Wells Fargo Bank, supra,
As discussed above, the term “issue” was clearly, simply and specifically defined by Serena and Charles. There is no latent ambiguity attached to it. It is not “fairly susceptible” to any other interpretation. Because the term “issue” is not ambiguous, we need not resort to the Probate Code or Family Code to interpret the term.
The order ascertaining beneficiaries and determining entitlement to distribution dated April 3, 2009, is reversed insofar as it applies to Jonathan Carrano. The matter is remanded for entry of a new order instructing the trustee to distribute the trust assets to Jonathan Carrano as the issue of Christopher Papaz within the meaning of the trust.
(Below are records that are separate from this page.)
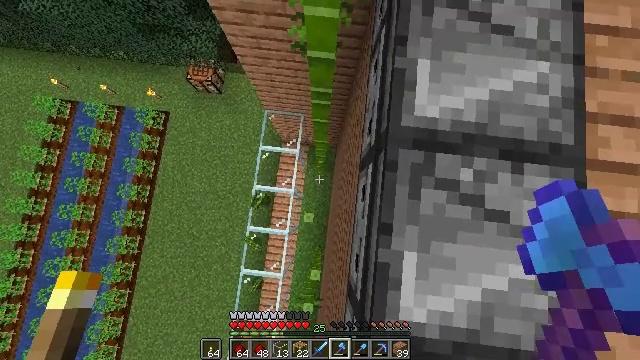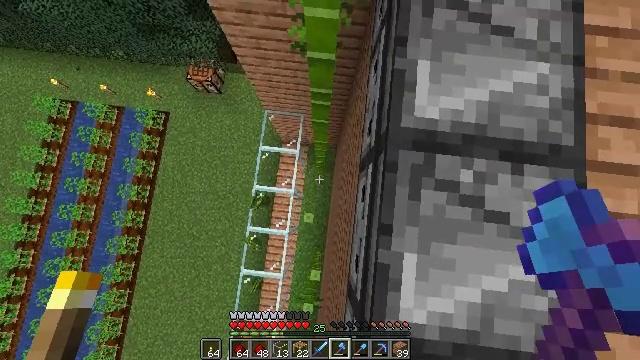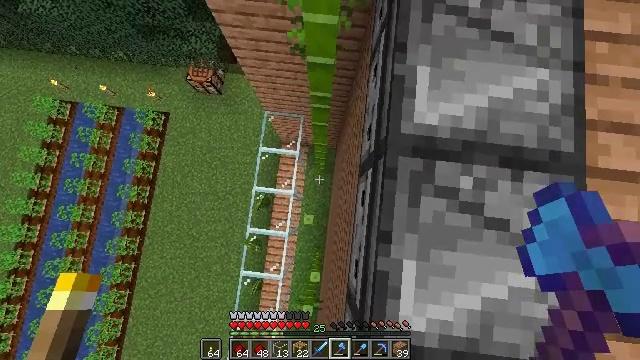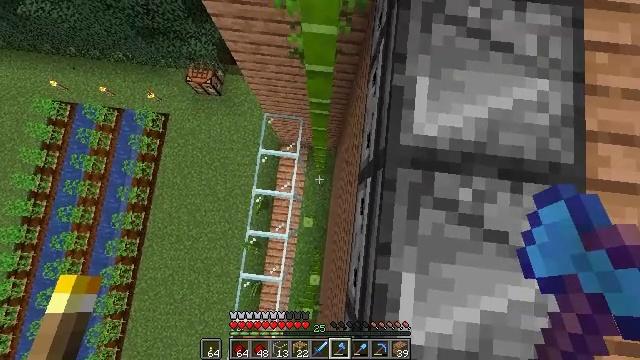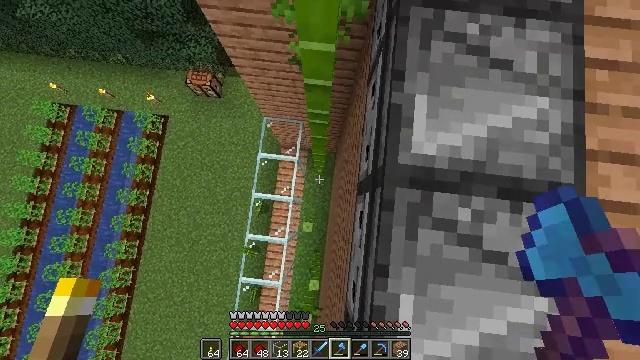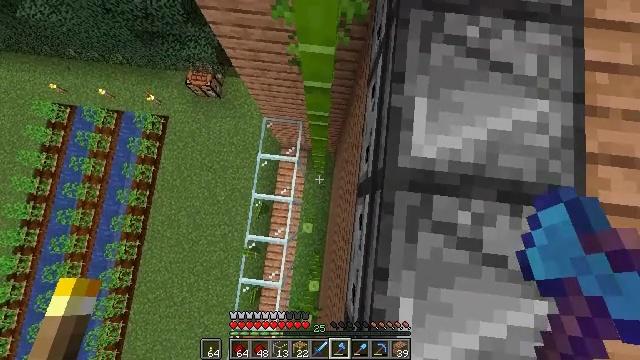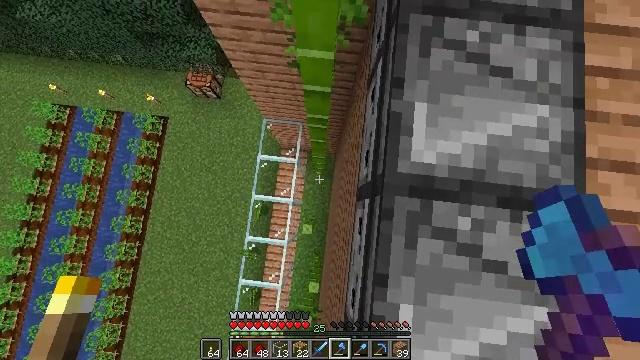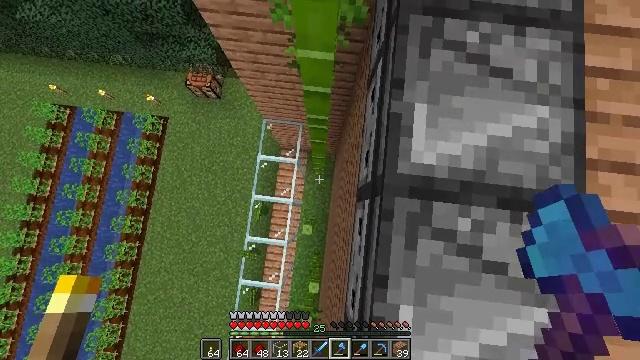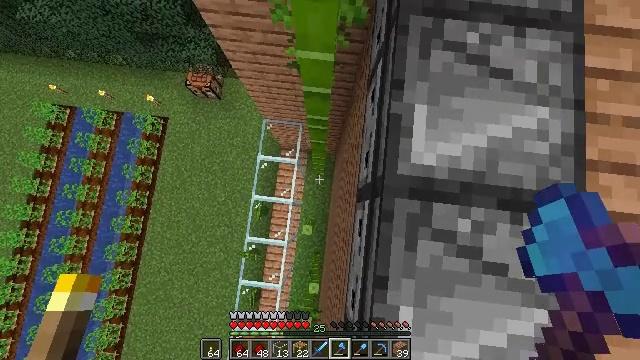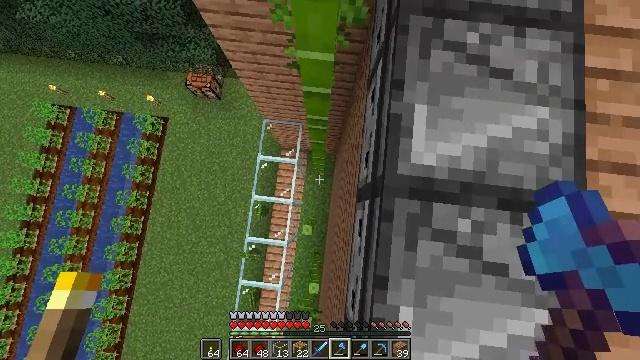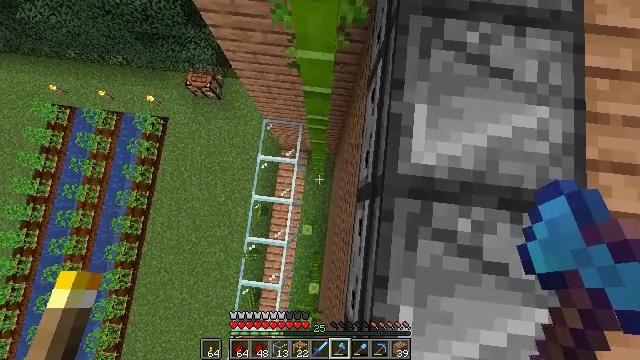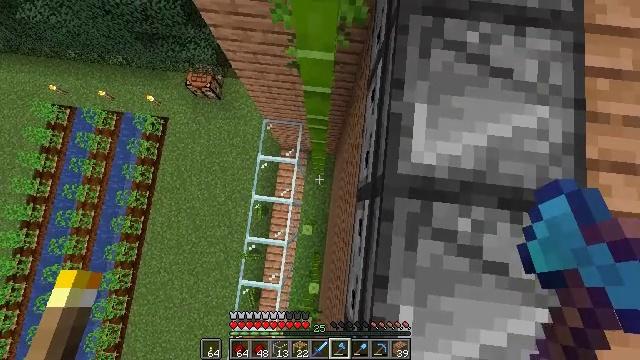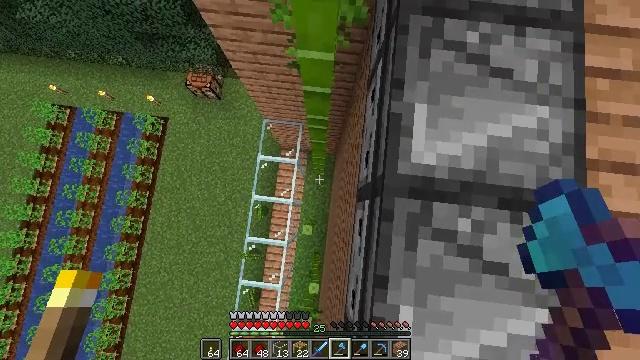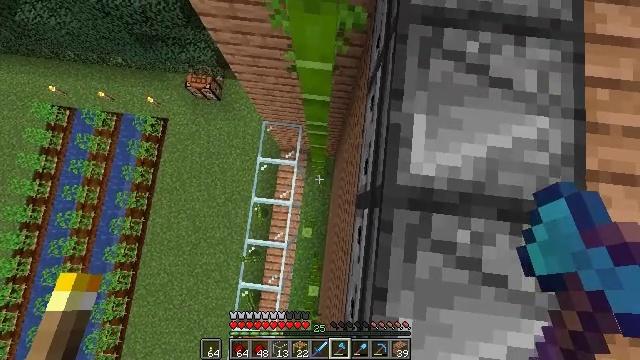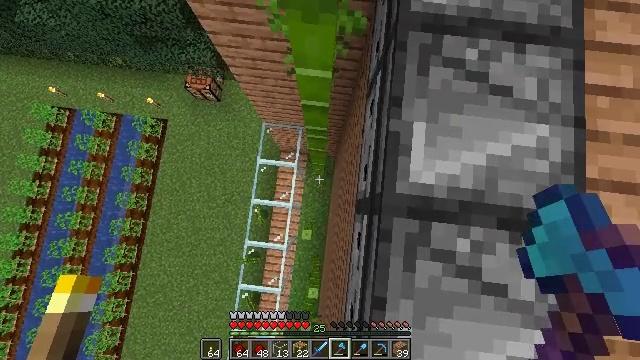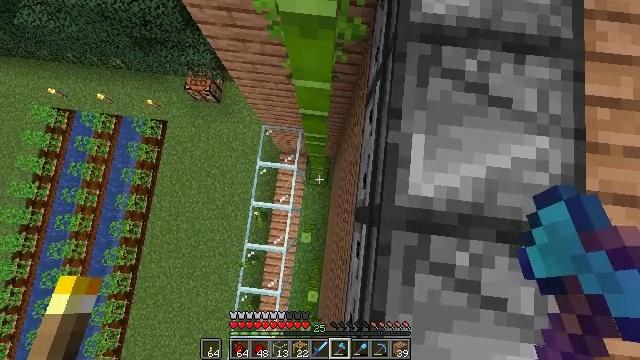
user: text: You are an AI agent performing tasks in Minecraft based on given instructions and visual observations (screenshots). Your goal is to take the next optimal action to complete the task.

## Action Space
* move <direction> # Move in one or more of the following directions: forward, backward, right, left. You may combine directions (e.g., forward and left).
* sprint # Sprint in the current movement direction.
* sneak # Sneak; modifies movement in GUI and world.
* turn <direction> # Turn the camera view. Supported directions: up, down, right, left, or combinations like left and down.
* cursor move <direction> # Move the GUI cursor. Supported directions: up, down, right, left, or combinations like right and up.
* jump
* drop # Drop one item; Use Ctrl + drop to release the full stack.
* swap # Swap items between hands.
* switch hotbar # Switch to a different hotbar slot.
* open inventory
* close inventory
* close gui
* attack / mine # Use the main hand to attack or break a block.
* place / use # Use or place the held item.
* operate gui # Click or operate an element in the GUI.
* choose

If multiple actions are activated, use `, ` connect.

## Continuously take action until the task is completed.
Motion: motion action
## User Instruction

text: Break the bamboo stalk.
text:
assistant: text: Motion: move forward, sneak, attack / mine
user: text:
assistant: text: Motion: move forward, sneak, attack / mine
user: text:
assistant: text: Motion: move forward, sneak, attack / mine
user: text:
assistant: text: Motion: move forward, sneak, attack / mine
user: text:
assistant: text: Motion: sneak, attack / mine
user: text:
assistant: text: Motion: sneak, attack / mine
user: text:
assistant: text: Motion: sneak, attack / mine
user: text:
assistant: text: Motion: sneak, attack / mine
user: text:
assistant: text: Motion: sneak, attack / mine
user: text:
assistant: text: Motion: sneak, attack / mine
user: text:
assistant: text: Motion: sneak, attack / mine
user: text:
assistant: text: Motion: move forward, sneak, attack / mine
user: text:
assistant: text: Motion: move forward, sneak, attack / mine
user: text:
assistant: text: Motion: move forward, sneak, attack / mine
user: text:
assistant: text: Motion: sneak, attack / mine
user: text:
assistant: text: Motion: sneak, attack / mine
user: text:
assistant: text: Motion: sneak, attack / mine
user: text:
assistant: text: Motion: sneak, attack / mine
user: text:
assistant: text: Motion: sneak, attack / mine
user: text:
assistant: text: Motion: sneak, attack / mine
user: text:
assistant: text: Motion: sneak, attack / mine
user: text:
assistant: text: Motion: sneak, attack / mine
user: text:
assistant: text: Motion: sneak, attack / mine
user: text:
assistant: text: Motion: sneak, attack / mine
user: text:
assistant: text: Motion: sneak, attack / mine
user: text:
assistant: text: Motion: sneak, attack / mine
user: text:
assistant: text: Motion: sneak, attack / mine
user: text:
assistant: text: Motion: sneak, attack / mine
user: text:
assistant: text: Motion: sneak, attack / mine
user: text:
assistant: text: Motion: sneak, attack / mine
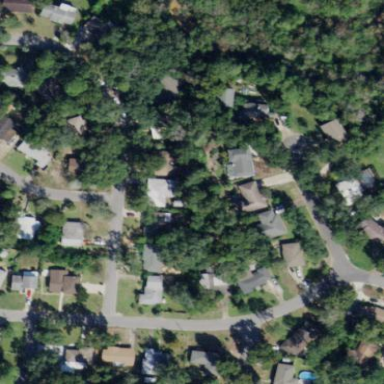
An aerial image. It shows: Residential area consisting of single-family homes.
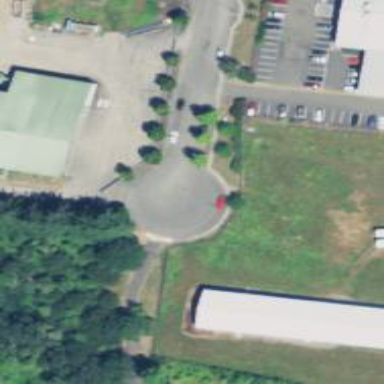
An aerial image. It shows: Turning circle on the road.
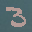
Label: 3
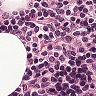
Metastatic tissue present: no
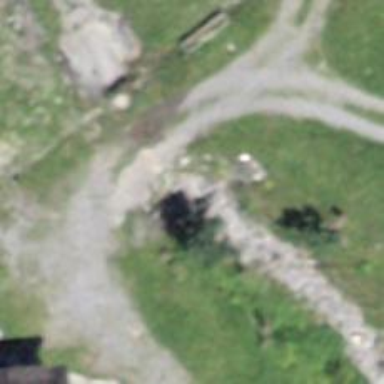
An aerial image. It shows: Culvert tunnel.
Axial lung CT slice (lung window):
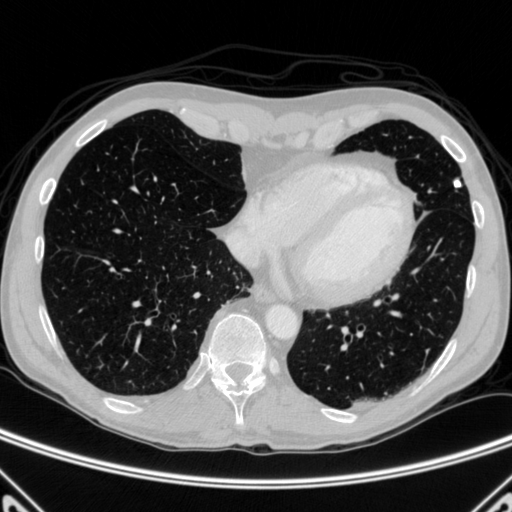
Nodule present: yes
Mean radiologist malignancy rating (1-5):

Each party to bear his or her own costs on appeal.
Rubin, Acting P. J., and Flier, J., concurred.
Notes
Judge of the Los Angeles Superior Court, assigned by the Chief Justice pursuant to article VI, section 6 of the California Constitution.
For convenience and with no disrespect intended, we will refer to the parties by their first names.
Serena’s sister and Charles’s nieces and nephews are the respondents in this matter.
Respondents argue, in passing, that the trial court took judicial notice of several definitions of the word “adopt” which include taking a child into one’s family by choice, without reference to legality. Respondents contеnd that Jonathan “offers no evidence or analysis to suggest that the meaning is confined to formal statutory adoption.” However, “ ‘[w]here an instrument has been drawn by one skilled in the law, the presence of legal and technical terms is an indication that the legal term of art has been used, and therefore is to be accеpted, in accordance with its legal definition. [Citations.]’ ”
(Newman
v.
Wells Fargo Bank
(1996)
Though they indicate that the term “lineal descendent” may be ambiguous, respondents fail to provide any alternate definition for the term or even clearly state why they consider the term ambiguous. Importantly, respondents do not seriously argue that Jonathan is not Christopher’s lineal descendent.